# Android Tablet Life Expectancy



## SunWers (Sep 9, 2017)

Hi,


I'm looking for suggestions on selecting a tablet that will be used daily between 9 1/2 to 10 hours per day and 4 to 5 days a week. From what I can find the average lifespan for tablets are about 6 1/2 years with normal use. These tablets will be used in a factory and will be used actively to scan QR codes. So I'm thinking the lifespan will be around 3 to 4 years... Does anyone have any experience with tablet lifespan for enterprise use? As in my other thread, we have decided to use a MDM to manage all tablets. So all updates, policies, restrictions, etc. will be managed centrally. I was thinking we could go with older tablets but this means the life expectancy isn't going to be as long, correct? 



Thanks,
Lynn


----------



## Corday (Mar 3, 2010)

IMO there is no answer. Electronic (I know it's battery operated) devices could last 15 years or go in one day. If the average life is such and such, that doesn't mean yours will fall within that parameter. With mechanical devices, the less moving parts, the better the durability (a generalization). I had a Casio B.O.S.S. that lasted 22 years with daily use, all 64kb of it.


----------



## tristar (Aug 12, 2008)

Lynn, what is the rationale behind going with older tablets ?

If it's about compatibility, you should be able to run the apps on the latest tabs as well.

If you're talking price, the price is for the hardware and not for the Android OS. So 2 tablets created with the same h/w specs with different versions of Android running on them should cost the same.

Depending on the App workload, decide what the specs are going to be, minimal load, a 1GB RAM and standard Quad core should be more than sufficient.

Regarding life expectancy, I echo Corday's thoughts, there is no magic number there, it can work for 5 days or 5 years, some factors that contribute would be usage, maintenance etc..


----------



## SunWers (Sep 9, 2017)

tristar said:


> Lynn, what is the rationale behind going with older tablets ?
> 
> If it's about compatibility, you should be able to run the apps on the latest tabs as well.
> 
> ...



Hi Tristar,


Price and hardware is what we are looking for. We have decided to go with 8 inch tablets running Android version 7 or 8 (preferably 8) and trying to stay under $100. Since we are purchasing around 800... thinking we may be able to get a discount on the price as well. 

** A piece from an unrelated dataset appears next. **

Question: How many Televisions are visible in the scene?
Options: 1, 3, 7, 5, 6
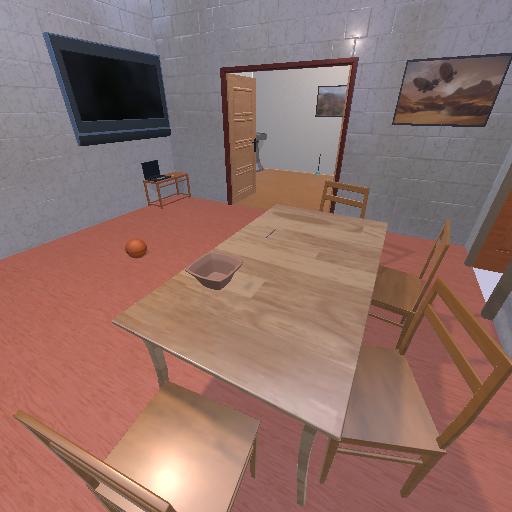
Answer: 1

Does anyone have any suggestions where we could purchase these tablets? We are looking into CDW right now but I would like to get a few other options too.


Thanks,
Lynn


----------



## Corday (Mar 3, 2010)

With an order that large, I would try negotiating with a manufacturer rather than a distributor.


----------



## SunWers (Sep 9, 2017)

Corday said:


> With an order that large, I would try negotiating with a manufacturer rather than a distributor.

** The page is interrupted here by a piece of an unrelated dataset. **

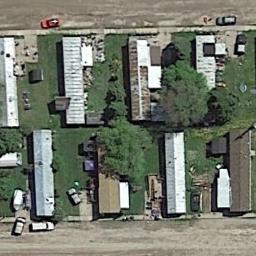
Label: residential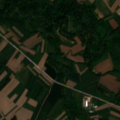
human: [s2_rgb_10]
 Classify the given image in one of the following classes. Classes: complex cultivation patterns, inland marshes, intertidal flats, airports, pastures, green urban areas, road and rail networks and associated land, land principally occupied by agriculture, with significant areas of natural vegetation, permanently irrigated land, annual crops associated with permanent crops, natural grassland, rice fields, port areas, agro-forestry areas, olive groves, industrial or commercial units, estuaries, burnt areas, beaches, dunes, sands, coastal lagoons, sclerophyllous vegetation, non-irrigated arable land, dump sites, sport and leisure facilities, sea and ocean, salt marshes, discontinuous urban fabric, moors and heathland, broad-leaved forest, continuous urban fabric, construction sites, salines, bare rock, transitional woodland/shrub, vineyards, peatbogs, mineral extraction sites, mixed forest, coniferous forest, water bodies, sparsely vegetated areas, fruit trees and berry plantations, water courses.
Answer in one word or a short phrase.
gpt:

Ok that was what I was thinking. I'm checking Dell and Acer now.


Thanks Again,
Lynn


----------



## tristar (Aug 12, 2008)

Try Samsung, Asus & Lenovo as well, use the deal from 1 manufacturer to deal with the others.

First get the specs decided, based on the App's requirement (current and possible future requirements if it needs to scale up), once you have the hardware specs of your minimum requirement then get what the manufacturers have to offer, then match them to your specific hardware specs.

You should get a good deal, I'd start off saying my upper slab is $75 and then based on what is provided to offer, I'd up the cost.


----------



## [email protected] (Nov 16, 2004)

Nearly all manufacturers can give you a MTBF (Mean Time Between Failure) for a product. There are industry standards for rigorous testing to get a rating for a product and for an order that large, you can demand it of any product you're looking at. You are in the drivers seat and the manufacturers will be begging for your business. Make sure every manufacturer you contact is aware you are checking with others.

I would start at AliExpress and or Chinavasion (misspelling is normal) for a general idea of product's features and costs.

BTW, Androids are up to ver 9 now.


----------